Participants were randomly assigned to either the experimental (Internet) or control condition following pre-assessment based on a pre-set computer-generated randomization schedule established by the study project coordinators (F.T. and D.S.). Participants completed, at baseline, ten sleep diary entries within a two week period before being notified of their group assignment by email. Automated reminders to complete diary entries were sent daily via email. Internet participants were then granted access to the intervention for nine weeks.
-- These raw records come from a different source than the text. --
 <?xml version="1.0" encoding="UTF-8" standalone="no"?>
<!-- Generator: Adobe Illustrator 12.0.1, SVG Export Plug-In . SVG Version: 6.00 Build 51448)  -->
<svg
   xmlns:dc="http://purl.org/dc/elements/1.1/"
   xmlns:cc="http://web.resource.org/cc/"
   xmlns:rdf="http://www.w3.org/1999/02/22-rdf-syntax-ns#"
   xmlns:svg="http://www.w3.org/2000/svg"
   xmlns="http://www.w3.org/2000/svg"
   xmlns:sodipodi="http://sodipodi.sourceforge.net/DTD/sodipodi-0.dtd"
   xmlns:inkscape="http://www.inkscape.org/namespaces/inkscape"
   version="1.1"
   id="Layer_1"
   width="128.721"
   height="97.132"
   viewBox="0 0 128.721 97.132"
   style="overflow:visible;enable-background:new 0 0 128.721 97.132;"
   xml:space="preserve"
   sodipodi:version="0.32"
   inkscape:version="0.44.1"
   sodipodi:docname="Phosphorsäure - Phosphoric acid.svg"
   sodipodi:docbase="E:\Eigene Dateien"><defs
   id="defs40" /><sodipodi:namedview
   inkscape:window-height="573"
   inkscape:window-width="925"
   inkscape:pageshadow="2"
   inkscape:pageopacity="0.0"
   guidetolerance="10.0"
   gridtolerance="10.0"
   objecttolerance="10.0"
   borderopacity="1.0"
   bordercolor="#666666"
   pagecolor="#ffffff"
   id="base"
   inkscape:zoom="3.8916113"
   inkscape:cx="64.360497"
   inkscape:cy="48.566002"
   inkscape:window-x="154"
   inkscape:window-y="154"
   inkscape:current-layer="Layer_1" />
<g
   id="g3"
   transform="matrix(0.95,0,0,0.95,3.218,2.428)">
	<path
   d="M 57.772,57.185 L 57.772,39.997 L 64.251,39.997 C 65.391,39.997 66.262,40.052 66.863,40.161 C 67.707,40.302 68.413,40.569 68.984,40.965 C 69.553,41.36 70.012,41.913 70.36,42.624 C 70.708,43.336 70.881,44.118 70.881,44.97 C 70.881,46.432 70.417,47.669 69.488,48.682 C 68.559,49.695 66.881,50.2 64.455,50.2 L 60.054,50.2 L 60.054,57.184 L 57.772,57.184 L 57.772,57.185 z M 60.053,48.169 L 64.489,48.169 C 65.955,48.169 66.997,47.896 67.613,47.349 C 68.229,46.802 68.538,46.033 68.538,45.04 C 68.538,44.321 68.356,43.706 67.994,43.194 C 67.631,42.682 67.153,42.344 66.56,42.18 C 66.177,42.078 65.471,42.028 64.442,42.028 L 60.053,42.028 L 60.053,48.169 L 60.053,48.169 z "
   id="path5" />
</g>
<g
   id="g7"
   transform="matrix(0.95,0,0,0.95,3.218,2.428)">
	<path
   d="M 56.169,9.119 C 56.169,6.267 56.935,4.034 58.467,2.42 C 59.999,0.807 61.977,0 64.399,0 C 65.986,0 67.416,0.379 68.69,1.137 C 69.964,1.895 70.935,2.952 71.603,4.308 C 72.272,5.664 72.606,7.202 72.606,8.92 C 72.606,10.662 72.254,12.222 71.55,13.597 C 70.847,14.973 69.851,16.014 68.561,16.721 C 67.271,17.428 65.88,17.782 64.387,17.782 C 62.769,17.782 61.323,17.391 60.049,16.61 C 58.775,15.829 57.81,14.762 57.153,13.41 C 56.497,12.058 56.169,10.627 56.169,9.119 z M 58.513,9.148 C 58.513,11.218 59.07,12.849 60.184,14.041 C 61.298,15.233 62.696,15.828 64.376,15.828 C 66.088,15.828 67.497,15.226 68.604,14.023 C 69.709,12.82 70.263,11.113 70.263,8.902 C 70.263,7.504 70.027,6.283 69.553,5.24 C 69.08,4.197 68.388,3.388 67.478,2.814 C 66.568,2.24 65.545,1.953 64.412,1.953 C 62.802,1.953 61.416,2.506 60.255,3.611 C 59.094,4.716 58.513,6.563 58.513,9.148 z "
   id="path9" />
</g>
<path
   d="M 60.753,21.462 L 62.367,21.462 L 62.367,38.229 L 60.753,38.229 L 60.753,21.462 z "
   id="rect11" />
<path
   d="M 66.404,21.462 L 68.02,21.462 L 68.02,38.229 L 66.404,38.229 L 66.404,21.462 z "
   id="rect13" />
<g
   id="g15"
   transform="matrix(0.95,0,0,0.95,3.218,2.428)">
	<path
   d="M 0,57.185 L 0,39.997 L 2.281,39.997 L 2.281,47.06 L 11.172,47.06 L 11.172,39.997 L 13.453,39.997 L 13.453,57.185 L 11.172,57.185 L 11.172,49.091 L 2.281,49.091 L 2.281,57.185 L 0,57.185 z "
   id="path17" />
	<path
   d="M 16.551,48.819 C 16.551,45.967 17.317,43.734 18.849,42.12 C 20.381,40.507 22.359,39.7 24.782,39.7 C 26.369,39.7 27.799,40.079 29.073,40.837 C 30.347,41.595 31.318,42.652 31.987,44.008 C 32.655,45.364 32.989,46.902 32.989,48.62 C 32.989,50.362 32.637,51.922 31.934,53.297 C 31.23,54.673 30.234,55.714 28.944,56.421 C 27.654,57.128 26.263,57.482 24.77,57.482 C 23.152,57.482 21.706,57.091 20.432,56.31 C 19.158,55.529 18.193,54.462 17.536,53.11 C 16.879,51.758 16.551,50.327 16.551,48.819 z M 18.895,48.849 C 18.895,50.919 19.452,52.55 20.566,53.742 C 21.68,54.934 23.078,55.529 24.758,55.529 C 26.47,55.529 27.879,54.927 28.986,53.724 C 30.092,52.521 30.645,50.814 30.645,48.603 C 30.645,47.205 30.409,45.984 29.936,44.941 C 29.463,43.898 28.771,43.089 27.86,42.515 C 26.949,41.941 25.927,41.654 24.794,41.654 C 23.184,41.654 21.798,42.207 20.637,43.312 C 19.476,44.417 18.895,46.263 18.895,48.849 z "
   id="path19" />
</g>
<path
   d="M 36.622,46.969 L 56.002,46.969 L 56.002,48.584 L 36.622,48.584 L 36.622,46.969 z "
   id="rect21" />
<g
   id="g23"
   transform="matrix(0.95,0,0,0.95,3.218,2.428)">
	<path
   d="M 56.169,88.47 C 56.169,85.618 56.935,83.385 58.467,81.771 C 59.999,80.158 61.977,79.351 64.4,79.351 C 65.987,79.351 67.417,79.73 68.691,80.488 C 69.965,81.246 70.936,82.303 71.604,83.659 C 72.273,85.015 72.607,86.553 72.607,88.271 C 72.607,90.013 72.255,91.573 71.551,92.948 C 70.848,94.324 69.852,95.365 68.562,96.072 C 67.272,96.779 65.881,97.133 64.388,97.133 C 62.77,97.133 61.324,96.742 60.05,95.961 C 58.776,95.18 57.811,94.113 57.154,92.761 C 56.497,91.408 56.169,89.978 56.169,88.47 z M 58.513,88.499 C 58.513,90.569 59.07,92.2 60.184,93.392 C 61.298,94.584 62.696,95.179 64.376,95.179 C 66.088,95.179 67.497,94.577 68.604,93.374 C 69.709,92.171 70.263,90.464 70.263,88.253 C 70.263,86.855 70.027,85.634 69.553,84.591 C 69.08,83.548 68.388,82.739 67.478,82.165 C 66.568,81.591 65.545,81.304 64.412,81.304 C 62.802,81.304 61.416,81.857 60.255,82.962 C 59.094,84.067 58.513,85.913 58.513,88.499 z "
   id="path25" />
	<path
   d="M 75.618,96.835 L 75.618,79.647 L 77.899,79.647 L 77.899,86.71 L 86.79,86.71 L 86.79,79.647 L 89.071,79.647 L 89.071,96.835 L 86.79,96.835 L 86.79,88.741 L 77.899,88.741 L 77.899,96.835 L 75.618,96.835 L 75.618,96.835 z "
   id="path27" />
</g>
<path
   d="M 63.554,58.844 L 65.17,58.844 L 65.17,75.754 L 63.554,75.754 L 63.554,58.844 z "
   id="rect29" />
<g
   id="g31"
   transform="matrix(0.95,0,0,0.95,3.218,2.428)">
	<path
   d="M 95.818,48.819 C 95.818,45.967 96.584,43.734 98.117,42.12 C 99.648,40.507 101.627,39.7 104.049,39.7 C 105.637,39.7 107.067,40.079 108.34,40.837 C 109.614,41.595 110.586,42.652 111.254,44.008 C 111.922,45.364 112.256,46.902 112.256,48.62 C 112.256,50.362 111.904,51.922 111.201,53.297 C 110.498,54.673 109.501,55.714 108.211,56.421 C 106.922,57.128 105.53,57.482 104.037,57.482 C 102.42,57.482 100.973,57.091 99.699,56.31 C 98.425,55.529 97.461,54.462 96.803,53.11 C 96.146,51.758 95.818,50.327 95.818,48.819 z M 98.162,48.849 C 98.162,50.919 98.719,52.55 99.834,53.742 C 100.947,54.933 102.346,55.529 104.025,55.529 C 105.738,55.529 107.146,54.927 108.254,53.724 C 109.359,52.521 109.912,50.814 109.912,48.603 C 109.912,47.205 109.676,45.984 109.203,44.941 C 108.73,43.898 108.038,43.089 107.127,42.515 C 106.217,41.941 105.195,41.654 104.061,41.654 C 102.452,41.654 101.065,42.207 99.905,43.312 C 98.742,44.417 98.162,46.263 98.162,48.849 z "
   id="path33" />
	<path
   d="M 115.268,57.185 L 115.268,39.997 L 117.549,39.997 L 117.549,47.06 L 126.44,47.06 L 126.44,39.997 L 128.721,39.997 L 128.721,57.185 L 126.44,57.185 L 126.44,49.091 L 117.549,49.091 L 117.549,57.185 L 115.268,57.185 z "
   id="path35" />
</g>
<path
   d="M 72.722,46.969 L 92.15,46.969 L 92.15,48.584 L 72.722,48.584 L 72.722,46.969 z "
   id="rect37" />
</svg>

After the nine-week intervention period, all participants completed an additional ten days of online sleep diaries within a two week period and then returned to the research center to complete a second in-person assessment. Internet participants were contacted at six month follow-up and asked to complete a brief online questionnaire that included the Insomnia Severity Index (ISI)11, 27. Control participants were given access to SHUTi following post-assessment, but no follow-up data was collected.
Procedures for the Internet intervention for insomnia
SHUTi is based on well-established face-to-face CBT for insomnia11, 28. It can be conceptualized as six Cores that include behavioral, educational, and cognitive techniques. These Cores make up the treatment content of SHUTi. The first Core, Overview, introduces the intervention and provides a rationale for treatment. There are two Behavioral Cores that incorporate sleep restriction29 and stimulus control30, 31, providing a set of “rules” to follow in order to regulate the sleep-wake schedule and strengthen the association between the bed/bedroom, bedtime, and sleep. Stimulus control procedures involve: going to bed only when sleepy, getting out of bed when unable to sleep and returning to bed only when sleep is imminent, curtailing sleep-incompatible activities in the bedroom (e.g., reading, problem-solving, watching TV), avoiding daytime napping, and arising at the same hour every day. Sleep restriction involves putting a limit on the amount of time spent in bed (sleep window) to the actual amount of sleep in order to strengthen the homeostatic sleep drive and increase sleep efficiency. The Educational Core (also called Sleep Hygiene) focuses on general education about sleep and improving sleep hygiene practices (e.g., increasing exercise; avoiding nicotine, caffeine, and drinking alcohol before bedtime). The Cognitive Core (also called Cognitive Restructuring) attempts to address and change the unhelpful beliefs (e.g., the absolute necessity for 8 hours of sleep) and thoughts (e.g., worry about the consequences of insomnia) about sleep/insomnia that may exacerbate sleep difficulties. Finally, the last Core, Consolidation/Relapse Prevention, integrates the behavioral, educational, and cognitive elements; promotes adherence; generalizes the information; helps identify risk situations; and incorporates strategies to reduce relapse. The structured nature of insomnia treatment makes it an ideal intervention for adaptation as a Web program and delivered via the Internet.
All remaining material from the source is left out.